Major Clipton: I understand that, sir. But… must we work so well?
The danger with appreciation for a film like this is that you can end up making excuses for choices through assessing it via the wrong criteria; we all have different – and often inconsistent – standards when it comes to fiction and its relation to fact. My yardstick tends to begin with the simplest one of whether it amounts to a strong piece of storytelling; The Bridge on the River Kwai, even with some of its encumbrances, is a superb piece of storytelling.
That said, absolutely, it can be pronounced guilty of softening of Japanese brutality. And quite probably, as a veteran suggested, anyone behaving as Colonel Nicholson (Alec Guinness) did, would have been “quietly eliminated for collaboration”. We are told the actual officer upon whom he is based, Colonel Philip Toosey, did as much as he could to delay the building of the bridge. It could also be argued The Bridge on the River Kwaimakes the Japanese out to be a bunch of incompetent idiots who only need some sterling British technical skills and discipline to sort out their mess (although, this is evidently among the intentional ironies of the film, as evidenced by Nicholson taking charge of planning and asking for cups of tea).
Guinness and Lean frequently clashed making the film, often over the former attempting to inject humour he felt his director lacked (“Such humour as he displayed was usually dyspeptic and cynical”). But The Bridge on the River Kwai is often very funny and wryly observed, and Lean was right to rein his leading man – at that time in a phase of his career where he was most celebrated for comedies – since the line between blinkered and foolish, and sympathetic and not so, is one that needs to be carefully trodden.
Ian Watt, a Stanford English professor who was a prisoner in the actual camp – and so self-evidently was partial in his prognosis – declared it “a recognisable universal fantasy – the schoolboy’s perennial dream of defying the adult world” with Nicholson the defiant boy and Saito (Sessue Hayakawa) the headmaster who eventually crumbles in the face of the boy’s resoluteness, submitting to his demands. There is undoubtedly an element of this, with Saito baffled at the British mindset, but Lean is so very clearly showing the concomitant rise and fall there – no sooner has Nicholson “triumphed” than the very same mindset elicits his “collaboration” – that there’s no true exultancy in the fantasy.
Screenwriter Carl Foreman – who again had a vested interest, since Lean loathed his contributions and attempted to deny him any legitimate credit, suggesting it was all his and Michael Wilson’s work – accused The Bridge on the River Kwai of having “sentimentalised the essential horror of the actual story”. Kevin Brownlow, in his David Lean biography, argued “had David shown the extremes of brutalities of torture, starvation and suicides, the film would have been unbearable to all but an audience of psychopaths”. Which is a bit much, but comes closer to the point, that Lean wasn’t making the film in order to provide a stark depiction of life in a Japanese prison camp.
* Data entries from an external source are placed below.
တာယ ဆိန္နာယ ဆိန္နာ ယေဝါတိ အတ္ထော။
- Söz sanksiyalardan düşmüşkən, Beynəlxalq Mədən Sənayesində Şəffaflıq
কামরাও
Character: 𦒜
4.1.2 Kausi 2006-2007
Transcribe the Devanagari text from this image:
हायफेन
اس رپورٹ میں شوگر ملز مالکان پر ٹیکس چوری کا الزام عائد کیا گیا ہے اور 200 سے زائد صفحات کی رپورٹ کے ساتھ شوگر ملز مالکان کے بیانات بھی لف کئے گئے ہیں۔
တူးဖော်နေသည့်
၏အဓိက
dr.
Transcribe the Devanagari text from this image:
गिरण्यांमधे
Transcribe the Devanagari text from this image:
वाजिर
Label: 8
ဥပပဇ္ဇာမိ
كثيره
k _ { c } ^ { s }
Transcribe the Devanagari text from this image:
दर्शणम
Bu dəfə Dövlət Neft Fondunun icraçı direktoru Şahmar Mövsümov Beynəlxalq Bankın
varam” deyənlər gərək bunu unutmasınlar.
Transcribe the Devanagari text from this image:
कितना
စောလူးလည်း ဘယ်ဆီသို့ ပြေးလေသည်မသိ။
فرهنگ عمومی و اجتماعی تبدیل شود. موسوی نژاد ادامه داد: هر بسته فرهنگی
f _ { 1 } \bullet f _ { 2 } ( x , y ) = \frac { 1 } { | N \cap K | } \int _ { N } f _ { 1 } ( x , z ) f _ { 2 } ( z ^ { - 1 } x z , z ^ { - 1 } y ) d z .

If he had been, fair play to the brickbats.
It’s crucial to the picture’s barbed edge that Nicholson comes into a camp where most the men have died and insists on treatment according to the Geneva convention, yet through his own reasonableness and desire to promote morale, drives his men harder – makes the officers labour and sends sick men to work – more doggedly than Saito (who, it is very clear, is doing what he is doing because he will be killed if he doesn’t do it). Lean is attempting to parallel the men, both of whom react to the other (within minutes) by saying they’re “mad”. “Are they both mad? Or am I going mad?” wonders Clipton (James Donald), the audience identification. As Lean put it, he’s “the only man with a suspicion of the truth”. The process Nicholson engineers is absurd, but that is the point; it has to be both ridiculous and believable. The amazing part is that Lean steers that course so assuredly.
Major Evans: I beg your pardon, sir. You mean you really want them to build a bridge?
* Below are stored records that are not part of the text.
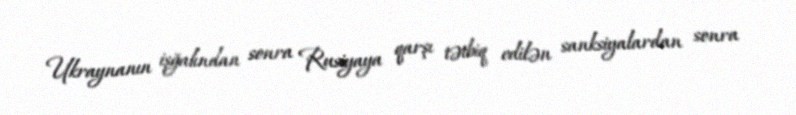
Ukraynanın işğalından sonra Rusiyaya qarşı tətbiq edilən sanksiyalardan sonra
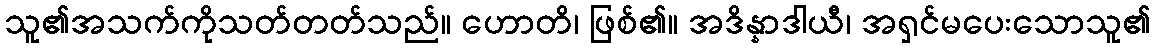
သူ၏အသက်ကိုသတ်တတ်သည်။ ဟောတိ၊ ဖြစ်၏။ အဒိန္နာဒါယီ၊ အရှင်မပေးသောသူ၏
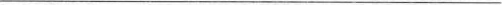
___
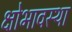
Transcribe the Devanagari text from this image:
क्षोभावस्था
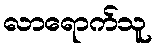
လာရောက်သူ
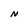
Character: N
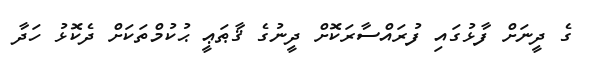
ގެ ދީނަށް ފާޅުގައި ފުރައްސާރަކޮށް ދީނުގެ ޤާޠަޢީ ޙުކުމްތަކަށް ދެކޮޅު ހަދާ

Lean was clear on this: “If they don’t understand and admire him in spite of his misguided actions, this stature will diminish – and being the cornerstone of the film, the size of the film will diminish with him”. One of the reasons he objected to Foreman’s screenplay was that he didn’t feel he understood the nuances of the novel: “To put it over, one has to have a real understanding of the British mentality or it will be offensive… we do have an inordinate respect for discipline and team spirit. We make almost a fetish out of doing a job well… We love the letter of the law. We are ‘superior’ and stubborn as mules… He [Boulle] has shown these characteristics of the old school tie carried to tragic lengths”. So however unrealistic one may see the drama in the context of WWII’s reality, this heightened canvas was precisely Lean’s intention.
It’s also notable that the director wasn’t mad keen on the commando raid subplot, but recognised it, along with having Shears (William Holden) as an American, as one of the simple necessities of getting the movie made (Producer Sam Spiegel was big on both). He was much more interested in the camp activity, and you can tell as much quite plainly from the final film.
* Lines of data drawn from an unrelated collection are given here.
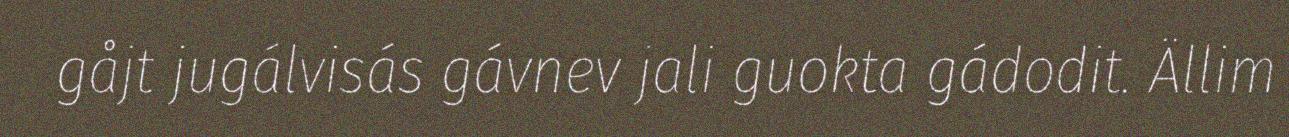
gåjt jugálvisás gávnev jali guokta gádodit. Ällim
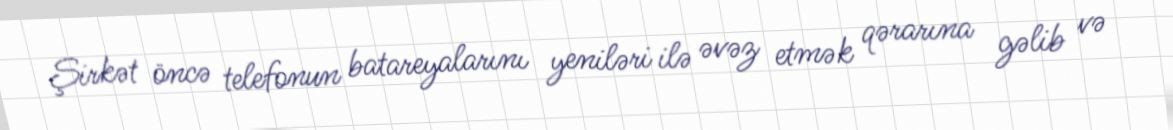
Şirkət öncə telefonun batareyalarını yeniləri ilə əvəz etmək qərarına gəlib və
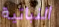
النباتية
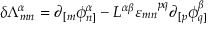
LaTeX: \delta { \Lambda } _ { m n } ^ { \alpha } = \partial _ { [ m } \phi _ { n ] } ^ { \alpha } - { \cal L } ^ { \alpha \beta } \varepsilon _ { m n } ^ { ~ ~ ~ p q } \partial _ { [ p } \phi _ { q ] } ^ { \beta }
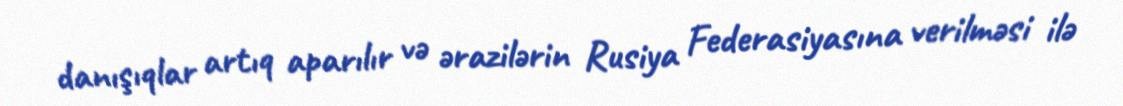
danışıqlar artıq aparılır və ərazilərin Rusiya Federasiyasına verilməsi ilə
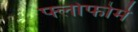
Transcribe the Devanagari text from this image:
फ्लोफोर्म
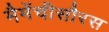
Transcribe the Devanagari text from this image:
मैमेंचीसौरस

The commando plot isn’t exactly perfunctory, but it struts its stuff with little nuance. So Joyce (Geoffrey Horne) has never killed a man, while Warden (Jack Hawkins) has many times, and has been tortured, but maintains the rules at all costs; contrast this with Holden the pragmatist and survivor (“As for me, I’m just a slave. A living slave”), more than happy to pretend to be sick, to be an officer, do anything to avoid the inevitable (which pointedly comes at the receiving end of his benefactor Warden’s shell). “Without law, commander, there is no civilisation” Nicholson tells him, and it’s these laws, or rules, that lead to Shears’ grandstanding outrage at Warden, the latter attempting to hobble along on a broken foot (having spared Joyce a confrontation with a Japanese soldier, little more than a boy).
Shears: You’d leave your own mother, if the rules called for it.
Warden presents the united front of the officer class, L pills and “Don’t be taken alive” (and invoking Mountbatten, since identified as an infamous sicko, per both the FBI and a current court case): “Destroy a bridge or destroy yourself. This is just a game this war” charges Shears. And the game aspect, the game of those in command, is something oft repeated in such movies, be it WWII or Cold War. It may be an easy place to retreat to, but it leads to a larger truth. The Bridge on the River Kwai is pointing to a particularly English mindset (“How to die like a gentleman, how to live by the rules. Live like a human being”), but Lean is reaching for a more general truth.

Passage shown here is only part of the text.